What Santos does not say is Medicare is also the only health insurance where the company actually has the incentive to keep it's customers healthy as opposed to the mission to increase profit. What this means is Medicare pays for a good pair of shoes for diabetics every two years because avoiding foot abscesses is way cheaper than a single hospitalization.

What was so wonderful about the debate is it got past all the stupidity and got to the intelligent basis for disagreement. And when one candidate said something as if it was undeniable, the other was able to marshal facts and figures to blow it out of the water.  

Donald Trump would have vanished beneath the waves in a debate like this in less than a minute. Santos would have killed him not simply by challenging his baseless, blase assertions which are detached from reality but he would have vanquished Trump and any Republican on the grand ideology: You attack universal health care, and public schools, and any public program at all, but it's easy to just say no, no, no. Eventually, you have to say "yes."

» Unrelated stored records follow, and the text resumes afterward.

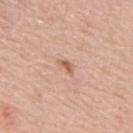notes: imaged on a skin check; not biopsied
image source: total-body-photography crop, ~15 mm field of view
tile lighting: white-light illumination
subject: male, aged 68 to 72
lesion diameter: about 2.5 mm
automated metrics: a lesion area of about 2.5 mm² and a symmetry-axis asymmetry near 0.3; a lesion color around L≈60 a*≈22 b*≈31 in CIELAB, about 10 CIELAB-L* units darker than the surrounding skin, and a lesion-to-skin contrast of about 7 (normalized; higher = more distinct)
anatomic site: the upper back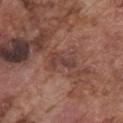The lesion was tiled from a total-body skin photograph and was not biopsied. About 3.5 mm across. The lesion is located on the front of the torso. The tile uses white-light illumination. A male patient roughly 75 years of age. A close-up tile cropped from a whole-body skin photograph, about 15 mm across.

Vinnick has appeared with border patrol officers on the Texas border saying he'd triple the number of patrolmen--how sad this was an issue then and we've not moved beyond it. Of course, Santos points out the number of patrolmen have already been tripled and made no difference. It's only 2005 and nobody's talking about building a wall. You know if Vinnick had proposed that Santos would point to the Maignot Line the French built to keep out the Germans after WWI.  Of course, the German's simply drove around it and flew over it--just as the Mexicans will do.

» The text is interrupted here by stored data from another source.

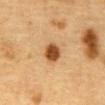The lesion was photographed on a routine skin check and not biopsied; there is no pathology result. A male subject, aged 83 or over. A 15 mm crop from a total-body photograph taken for skin-cancer surveillance. Longest diameter approximately 2.5 mm. The lesion is located on the abdomen.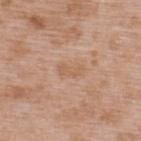Findings:
- notes: catalogued during a skin exam; not biopsied
- site: the upper back
- subject: male, in their 50s
- acquisition: ~15 mm tile from a whole-body skin photo
- tile lighting: white-light illumination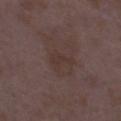Recorded during total-body skin imaging; not selected for excision or biopsy. The lesion's longest dimension is about 3 mm. The patient is a female aged 33 to 37. Cropped from a whole-body photographic skin survey; the tile spans about 15 mm. An algorithmic analysis of the crop reported an eccentricity of roughly 0.75 and a shape-asymmetry score of about 0.45 (0 = symmetric). And it measured an average lesion color of about L≈33 a*≈15 b*≈19 (CIELAB) and a lesion-to-skin contrast of about 5 (normalized; higher = more distinct). The analysis additionally found an automated nevus-likeness rating near 0 out of 100 and lesion-presence confidence of about 100/100. Captured under white-light illumination. From the left thigh.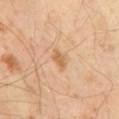The lesion's longest dimension is about 2.5 mm.
A male subject aged 63–67.
A roughly 15 mm field-of-view crop from a total-body skin photograph.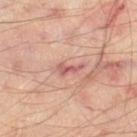{"biopsy_status": "not biopsied; imaged during a skin examination", "lighting": "cross-polarized", "site": "leg", "lesion_size": {"long_diameter_mm_approx": 3.0}, "image": {"source": "total-body photography crop", "field_of_view_mm": 15}, "patient": {"age_approx": 55}}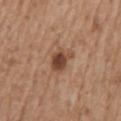This is a white-light tile. Approximately 3 mm at its widest. The lesion is on the mid back. The patient is a male aged around 70. A 15 mm crop from a total-body photograph taken for skin-cancer surveillance.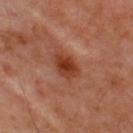From the upper back.
A 15 mm close-up extracted from a 3D total-body photography capture.
A male subject, aged 48–52.
Measured at roughly 3.5 mm in maximum diameter.
The tile uses cross-polarized illumination.
The lesion-visualizer software estimated an area of roughly 6.5 mm² and two-axis asymmetry of about 0.3. It also reported a classifier nevus-likeness of about 80/100 and a detector confidence of about 100 out of 100 that the crop contains a lesion.

Just before the debate Santos meets with a pro choice women's group leader who is threatening to endorse the Republican because Santos is actually more conservative and believes in more restrictions than his Republican rival.  "Would you approve of abortion to chose the sex of a child?" Santos asks her. "Of course not." Santos smiles, "Well, then you are for limiting the reasons for abortion, just like me. The whole difference is where you draw the lines." The woman is left tongue tied, and it's a wonderful scene, one you would never see in real life. This is a world  where people dissect the lines along which choices about abortion may split party and religious lines, where possibilities for some accommodation on abortion might occur. But not in today's real world, where the Republicans have simply cut off all debate and are only interested in using abortion for votes.

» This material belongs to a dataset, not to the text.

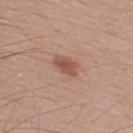Clinical impression: Recorded during total-body skin imaging; not selected for excision or biopsy. Image and clinical context: Captured under white-light illumination. The lesion-visualizer software estimated a footprint of about 5 mm², a shape eccentricity near 0.75, and two-axis asymmetry of about 0.15. And it measured a lesion color around L≈52 a*≈22 b*≈28 in CIELAB, about 10 CIELAB-L* units darker than the surrounding skin, and a normalized border contrast of about 7.5. The analysis additionally found border irregularity of about 1.5 on a 0–10 scale and internal color variation of about 2.5 on a 0–10 scale. It also reported a classifier nevus-likeness of about 90/100 and a detector confidence of about 100 out of 100 that the crop contains a lesion. On the upper back. This image is a 15 mm lesion crop taken from a total-body photograph. Approximately 3 mm at its widest. The subject is a male aged 38 to 42.

"West Wing" creates  a world we'd like to see, where the Republican is actually mostly pro choice and really wants to engage in the actual issues which separate the two parties rather than these pseudo "values" arguments.  When Vinnick  assails Santos for wanting to control guns, Santos shrugs it off: "There are over 200 million guns in this country--I own 3 of them--there's no way to control guns. I'd control the bullets."

There is no good answer to gun deaths and violence in America, but there are possibilities for fresh approaches and watching this imaginary debate you see the power of good fiction--the power to imagine a better world, toward which we might move, if only the venality and weakness of real people did not stand in the way.